Обличитель сумел договориться о встрече со счастливым обладателем лишнего стула, посулив ему новые сведения о происхождении находки. После работы мы с Додиньи вместе двинулись в отель «Бристоль». Новый, кричаще шикарный отель находился на рю Фобур-Сент-Оноре неподалеку от ателье Люпона. Вокруг располагались бесчисленные художественные галереи, антикварные лавки и знаменитые парижские бутики Коко Шанель, «Эрмес» и «Ланвен».

Фобур-Сент-Оноре была царством «ревущих двадцатых». На огромных плакатах шоколадная Жозефина Бейкер рекомендовала помаду для волос, а белокожие женщины рекламировали масло для загара. Магазинные витрины ломились от косметических средств, бижутерии, несессеров из крокодильей кожи, солей для ванн, шоколада мадам де Севинье, клюшек для гольфа, теннисных ракеток, солнечных очков, кожаных авиационных шлемов, портсигаров, сумочек-косметичек и прочих причиндалов из гардероба Виндзоров, без которых ни одна конторщица и ни один портье не могли выглядеть так, словно их жизнь протекает в сладком безделье на Ривьере.

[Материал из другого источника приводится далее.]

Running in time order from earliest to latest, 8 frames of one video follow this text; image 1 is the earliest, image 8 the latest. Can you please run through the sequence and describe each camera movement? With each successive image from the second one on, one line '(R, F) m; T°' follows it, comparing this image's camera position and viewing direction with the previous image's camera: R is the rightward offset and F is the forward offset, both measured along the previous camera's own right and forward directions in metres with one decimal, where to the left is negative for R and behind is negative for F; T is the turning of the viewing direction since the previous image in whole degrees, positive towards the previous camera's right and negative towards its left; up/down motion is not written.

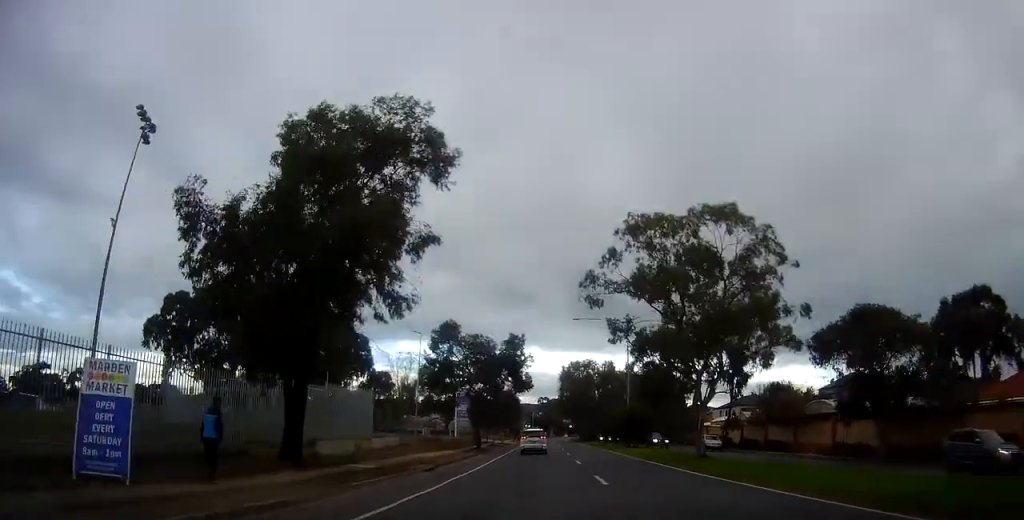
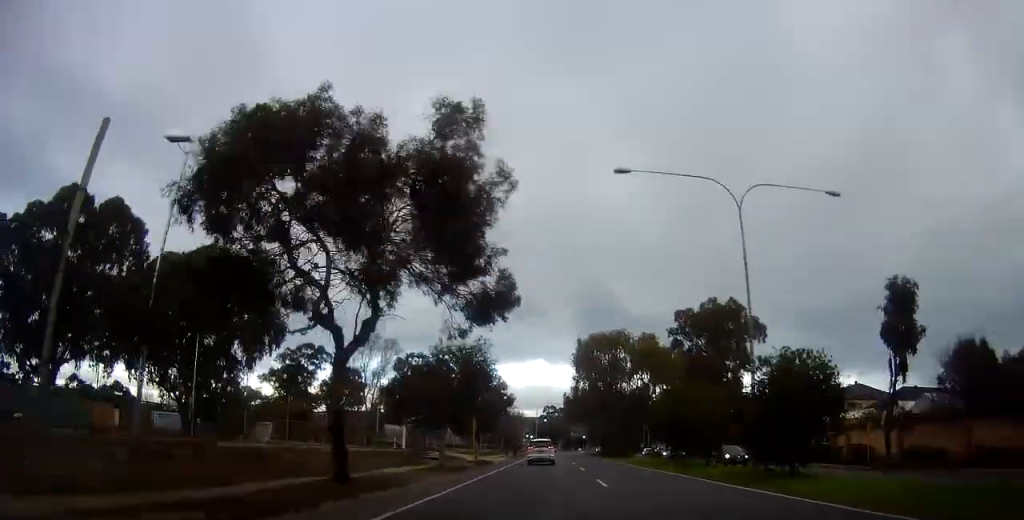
(+0.3, +33.5) m; -1°
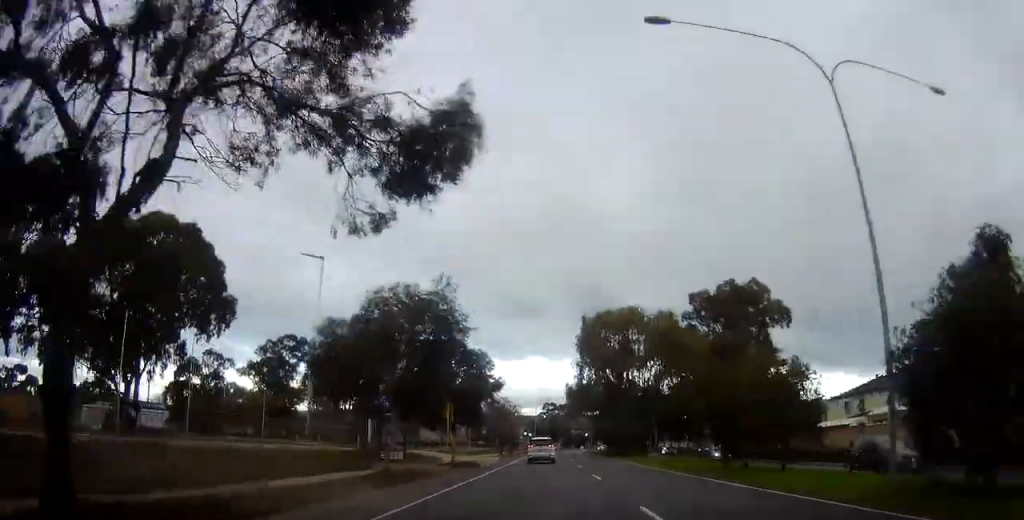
(-0.2, +10.1) m; -1°
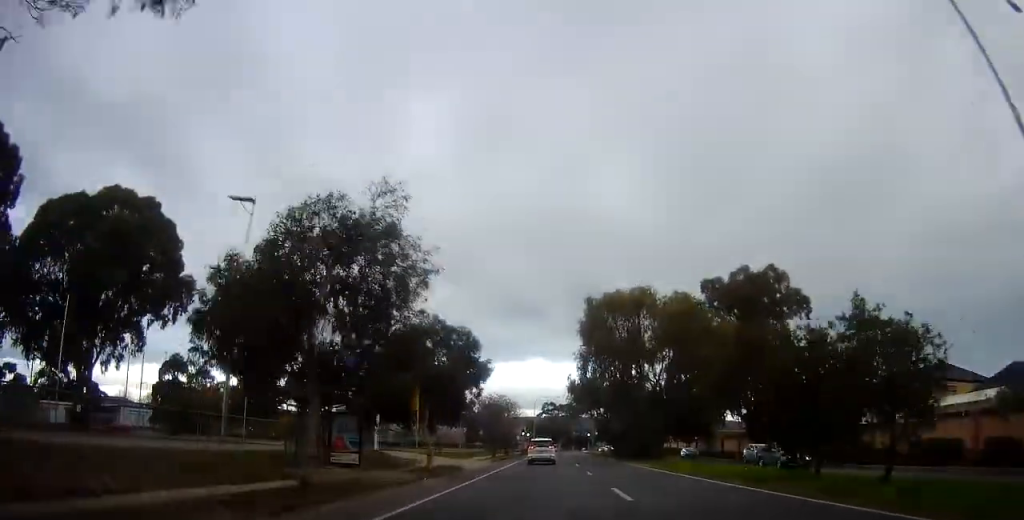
(0.0, +6.7) m; 0°
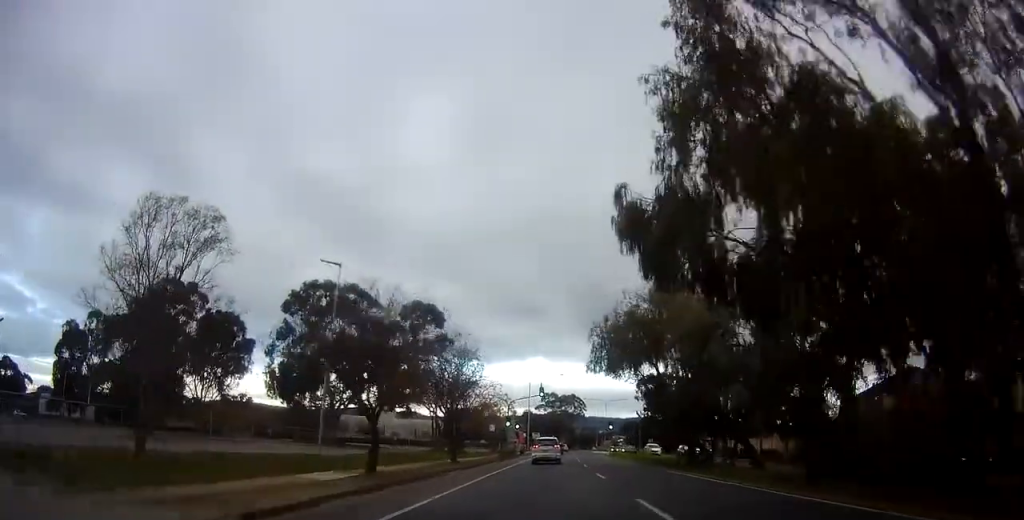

Натыкаясь на прохожих и увиливая от машин, Додиньи, провожаемый истошными гудками клаксонов, взахлеб убеждал меня, что у шейха имелись веские причины отомстить мошеннику Пер-Лашезу. Забегая вперед, заглядывая мне в лицо и размахивая костлявыми клешнями рук, он риторически вопрошал:

– Как вы полагаете, что должен был сделать гордый араб, узнав, что французский арт-дилер обвел его вокруг пальца?